I originally wanted to cleanly separate memorization from genuine visual reasoning, on the theory that a model recalling "Salvator Mundi sold for $450M" is doing something fundamentally different from a model reading brushwork and reasoning its way to a price. After sitting with all 60 image-only reasoning traces (15 paintings across 4 models), I do not think that dichotomy actually holds up in the data. Every strong model is doing both at the same time, in the same paragraph, and you cannot cleanly sort one trace into one bucket.

What the traces do separate cleanly is recognition from commitment. So I went back and classified each trace on three things instead: did the model name the correct artist from the pixels, did it name the specific painting, and did it cite a specific auction price or sale history in its reasoning.

Model	Named the artist from pixels	Named the specific title	Cited a specific auction price / house / year
Gemini 3.1 Pro	15 / 15	10 / 15	13 / 15
Claude Sonnet 4.6	15 / 15	8 / 15	13 / 15
GPT-5.4	10 / 15	6 / 15	6 / 15
Qwen 3.6 Plus	12 / 15 (3 API failures)	8 / 15	12 / 15

The first column is the one that surprised me. Recognition is nearly saturated. Three of the four models name the correct artist from the image alone on essentially every painting, and GPT-5.4 does it on two thirds of them. There is no meaningful sense in which Gemini 3.1 Pro is "the memorizer" and GPT-5.4 is "the reasoner." The thing that separates them is not whether they recognize the work but what they do with that recognition. So the axis I think the data actually supports is recognition plus commitment, and it gives four distinct archetypes that do not collapse into a single accuracy ranking.
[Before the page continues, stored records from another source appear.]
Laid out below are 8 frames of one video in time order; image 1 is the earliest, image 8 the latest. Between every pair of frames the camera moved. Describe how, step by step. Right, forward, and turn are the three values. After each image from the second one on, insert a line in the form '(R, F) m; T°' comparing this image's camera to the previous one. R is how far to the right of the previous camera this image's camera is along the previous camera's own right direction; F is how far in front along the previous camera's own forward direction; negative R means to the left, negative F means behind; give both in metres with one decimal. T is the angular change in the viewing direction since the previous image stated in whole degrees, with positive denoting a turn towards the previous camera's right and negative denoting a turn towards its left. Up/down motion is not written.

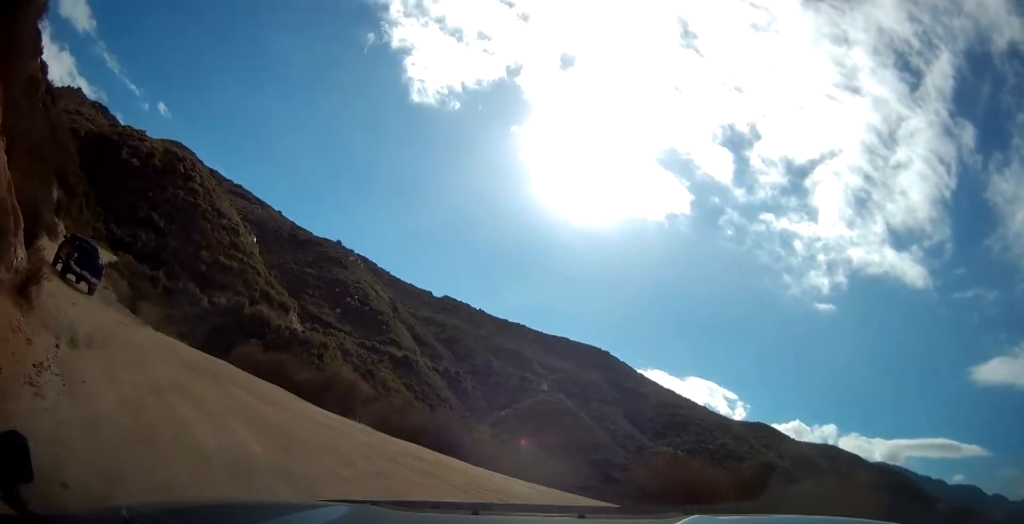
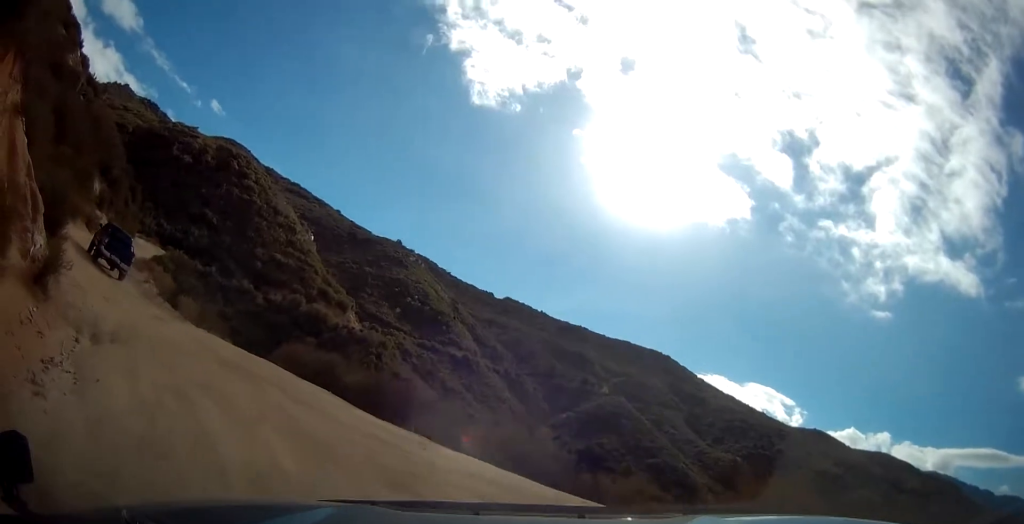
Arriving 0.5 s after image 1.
(-0.1, +1.0) m; -7°
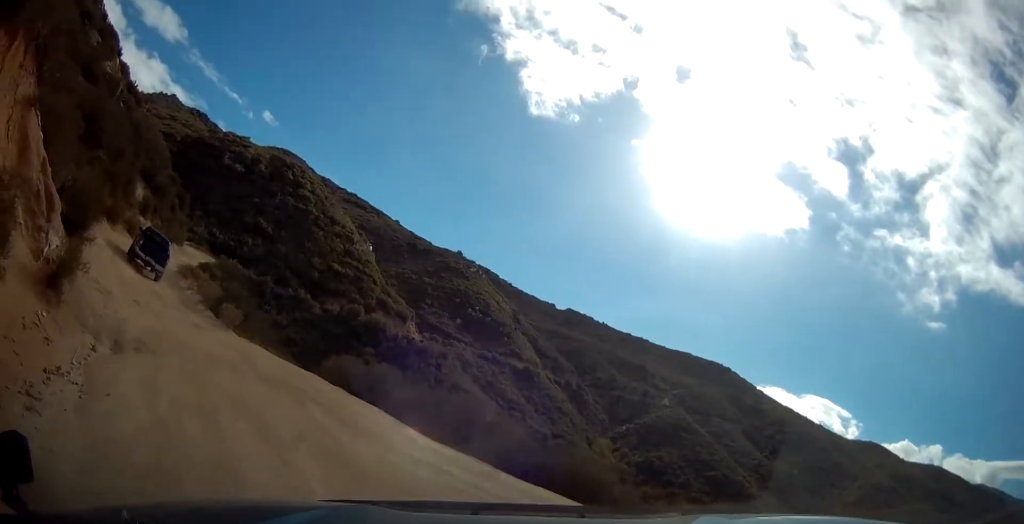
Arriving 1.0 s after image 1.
(0.0, +1.0) m; -1°
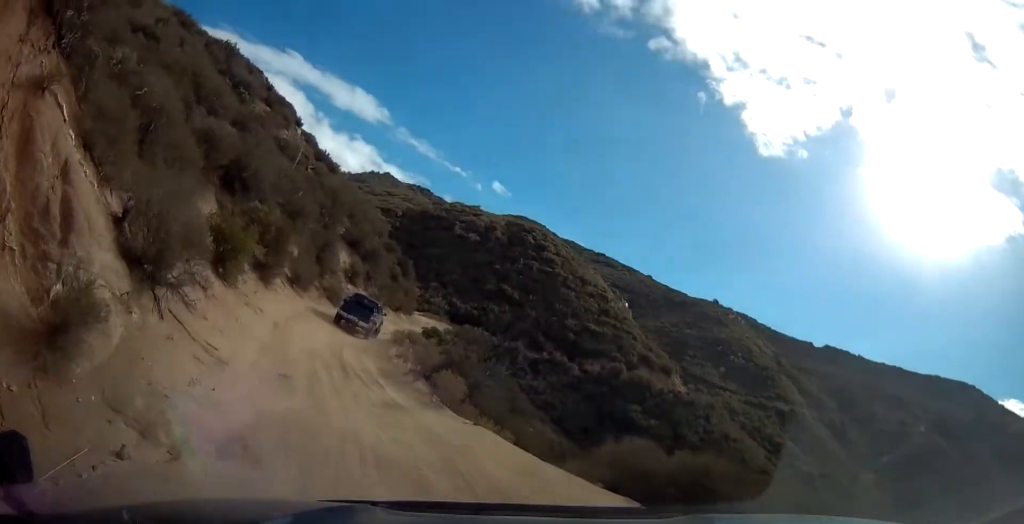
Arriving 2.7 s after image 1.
(-0.5, +4.4) m; -20°
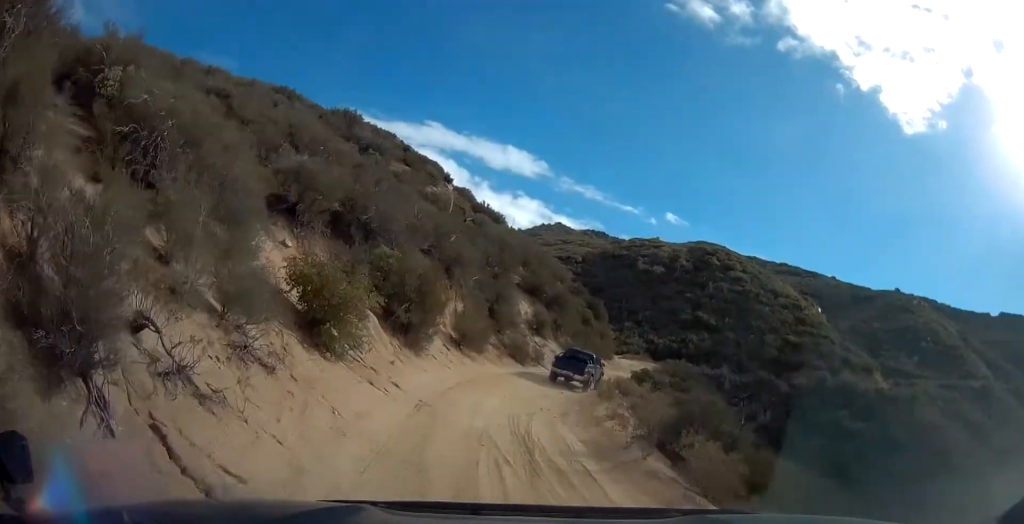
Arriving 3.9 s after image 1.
(-1.0, +4.6) m; -16°
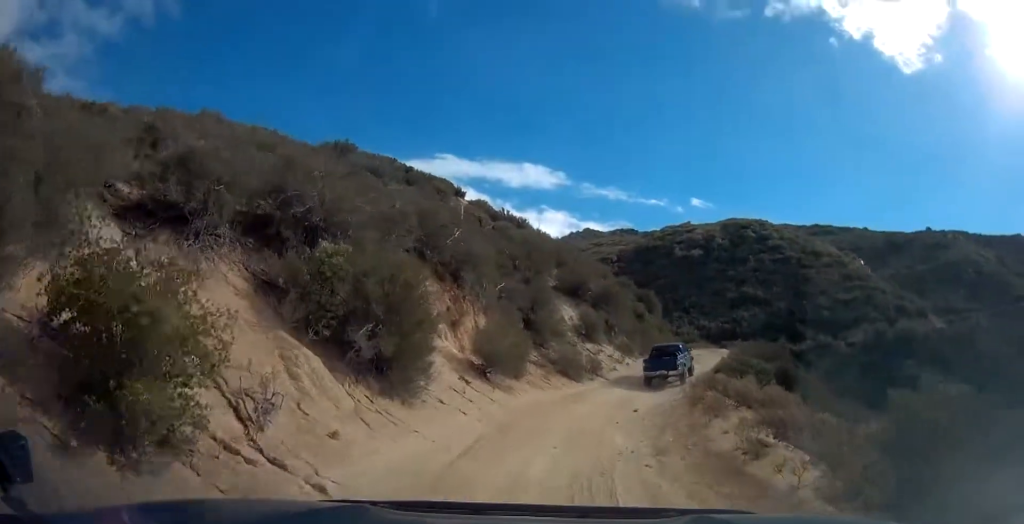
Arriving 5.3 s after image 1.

Gemini 3.1 Pro: recognition plus commitment, with calibration

Gemini 3.1 Pro recognizes everything and commits fully. It names the artist, often names the title, cites the auction history, and lets all of that flow into the final estimate. This is why its metadata improvement factor is small: the text label is not telling Gemini anything it had not already extracted from the pixels. The cleanest single example is Klimt's Blumenwiese, a painting that sold in November 2025 and therefore could not have been memorized from training data, where Gemini reasoned its way to $75M on a true price of $86M purely from pixels.

Gustav Klimt, Blumenwiese (Blooming Meadow), c. 1908. Sold November 2025 for $86M.

"Upon rigorous visual examination, this artwork is unmistakably a prime example of Gustav Klimt's mature landscape painting... The piece immediately announces itself through its characteristic square format, a deliberate geometric choice Klimt adopted around 1899... The subject matter, a lush, densely packed orchard or flower meadow, is rendered with a technique that owes a debt to Neo-Impressionism and Pointillism, yet transcends them to become entirely unique to Klimt... Klimt landscapes are exceptionally rare and function as ultimate trophy assets for major international collectors."

Estimate: $75,000,000. Ratio: 0.872. Confidence: 0.95.

Gemini identifies the artist from the square format and the Pointillist brushwork, reasons about rarity and market context, and lands at $75M on a painting it had never seen. And when it reports 0.95 confidence, those estimates consistently land within 15% of true value across the dataset, so you can trust the model when it says it is sure.

Claude Sonnet 4.6 and Qwen 3.6 Plus, briefly

Claude Sonnet 4.6 recognizes every artist correctly but calibrates badly: it prices Dr. Gachet at $350M against a true $82.5M and Moulin de la Galette at $320M against a true $78M, assigning peak prices to recognized artists regardless of which specific work is in front of it. Recognition is fine, price mapping is broken.

Qwen 3.6 Plus commits enthusiastically on the wrong recognition. Two of its fifteen runs are confident misidentifications (Klimt as Henri Martin, Van Gogh as Duncan Grant) at 0.85 confidence, with no internal signal a downstream system could use to catch the error. The other three models avoided this failure mode entirely.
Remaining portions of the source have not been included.